Jangan lupakan niat modusnya juga. Paman tua itu bukannya hanya mau mendukungku untuk segera sidang proposal, tapi dia juga sekalian modus biar selalu berada di dekatku setiap hari. Semula kukira kalau kuliah online akan membuatku tak melihatnya, tapi rencana sampahku justru membuat kami selalu dekat dan bertemu.

Omong-omong, bagian ruang tamu di kontrakan telah dihias sedemikian rupa oleh Olivia dan Alinea. Ada banyak pita-pita warna merah, serta balon-balon dengan warna senada. Aku tak paham, perayaan ini justru lebih mewah dari hari ulang tahunku.

Oh ya, sekadar informasi, aku sudah tidak merayakan ulang tahun sejak setahun terakhir. Aku menerima kado yang diberikan, juga mengapresiasi segala macam ucapan yang datang melalui pesan singkat. Akan tetapi, dari sudut pandangku sendiri, aku tak merayakan itu. Toh, tak ada bedanya juga. Aku hanya semakin menua, justru semakin dekat dengan kematian.

Olivia dan Alinea bertugas menghias ruang tamu, sedangkan Agatha bertugas untuk membeli kue dan rangkaian bunga. Benar-benar terlalu mewah untuk sekadar sidang proposal. Langkahku sungguh masih jauh. Yang menjadi menu utama adalah skripsi, Kawan-kawan.

Dikarenakan situasi sekarang yang semuanya dilakukan dari rumah, sidang proposalku pun dilakukan via zoom. Aku sangat gugup, tentu saja sama dengan apa yang kalian rasakan. Tak ada bedanya dengan yang lain, kedua telapak tanganku berkeringat banyak sekali.

Sebelum memulai semuanya, tak lupa aku menelpon ayah dan ibuk untuk meminta restu. Oh, tambahan! Aku juga menghubungi Jason via chat meskipun dia belum membalasnya sampai sekarang. Kurasa itu wajar, karena jarak jauh dan juga waktu yang berbeda. Di Finlandia sana, Jason mungkin masih mendengkur.

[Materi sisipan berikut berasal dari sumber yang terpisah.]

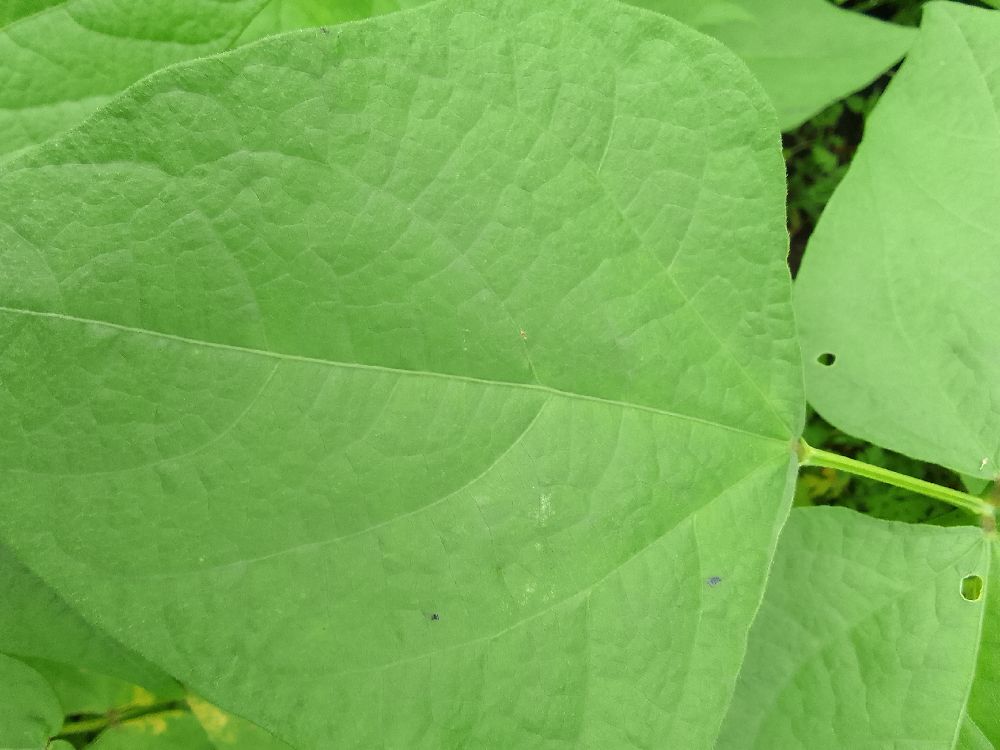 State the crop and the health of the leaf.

common bean, healthy
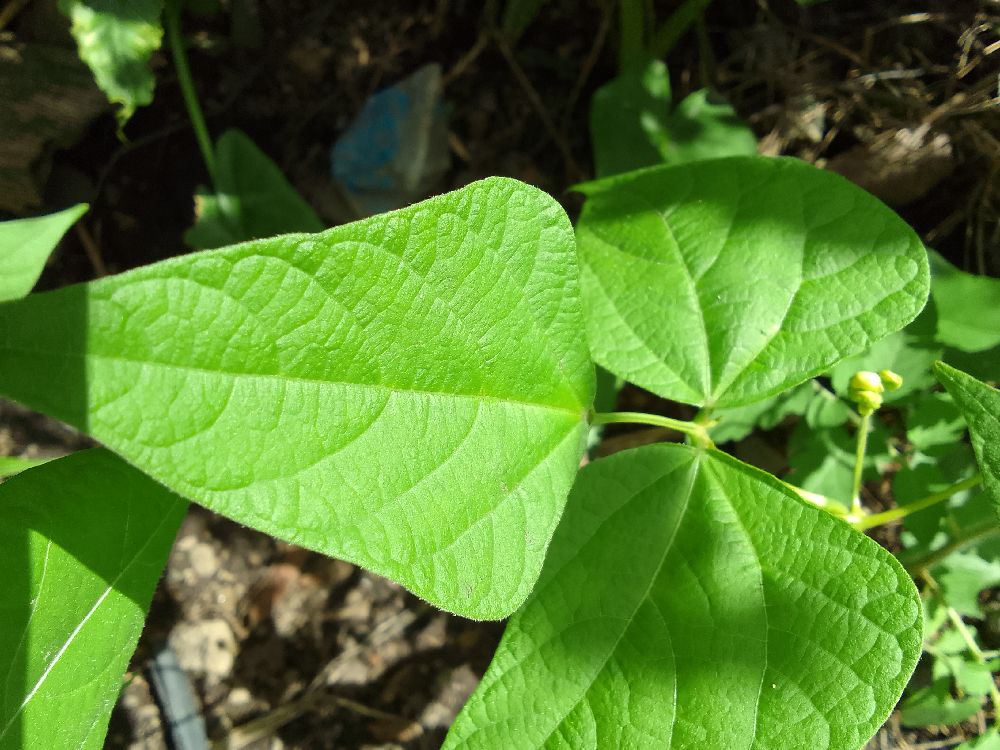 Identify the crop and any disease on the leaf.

common bean, healthy
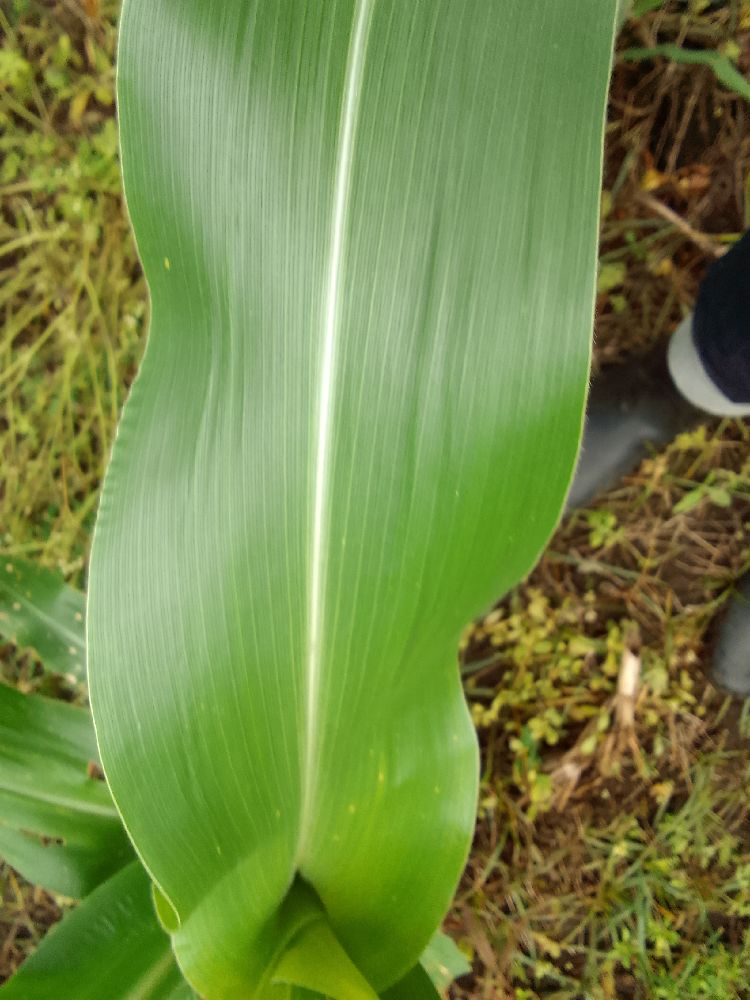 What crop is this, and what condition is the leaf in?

maize, healthy

"Kita bisa buka toko bunga, lho!" ucapku ketika menyadari betapa banyaknya rangkaian bunga yang kudapat.

Semuanya belum rapi, jadi aku hanya meletakannya sembarangan di atas sofa. Tadi banyak teman satu angkatanku yang datang ke kontrakan untuk sekadar memberi selamat dan rangkaian bunga. Situasinya belum kondusif karena corona, jadi mereka tak lama-lama dan bergegas pamit. Asalkan sudah dapat satu foto untuk konten, maka sudah cukup bagi mereka. Aku belum membuka media sosialku sih, tapi kuyakini banyak yang mengunggah foto kami tadi dengan berbagai macam caption.

Megantara maju untuk memeluk tubuhku, lalu dia berkata lirih, "Selamat dan terima kasih udah bekerja-keras, Gizka."

Aku tersenyum senang, lalu menepuk bahu Megantara sebanyak dua kali sebagai bentuk dukungan. "Lo juga, ya! Minggu depan harus lancar jaya pokoknya!"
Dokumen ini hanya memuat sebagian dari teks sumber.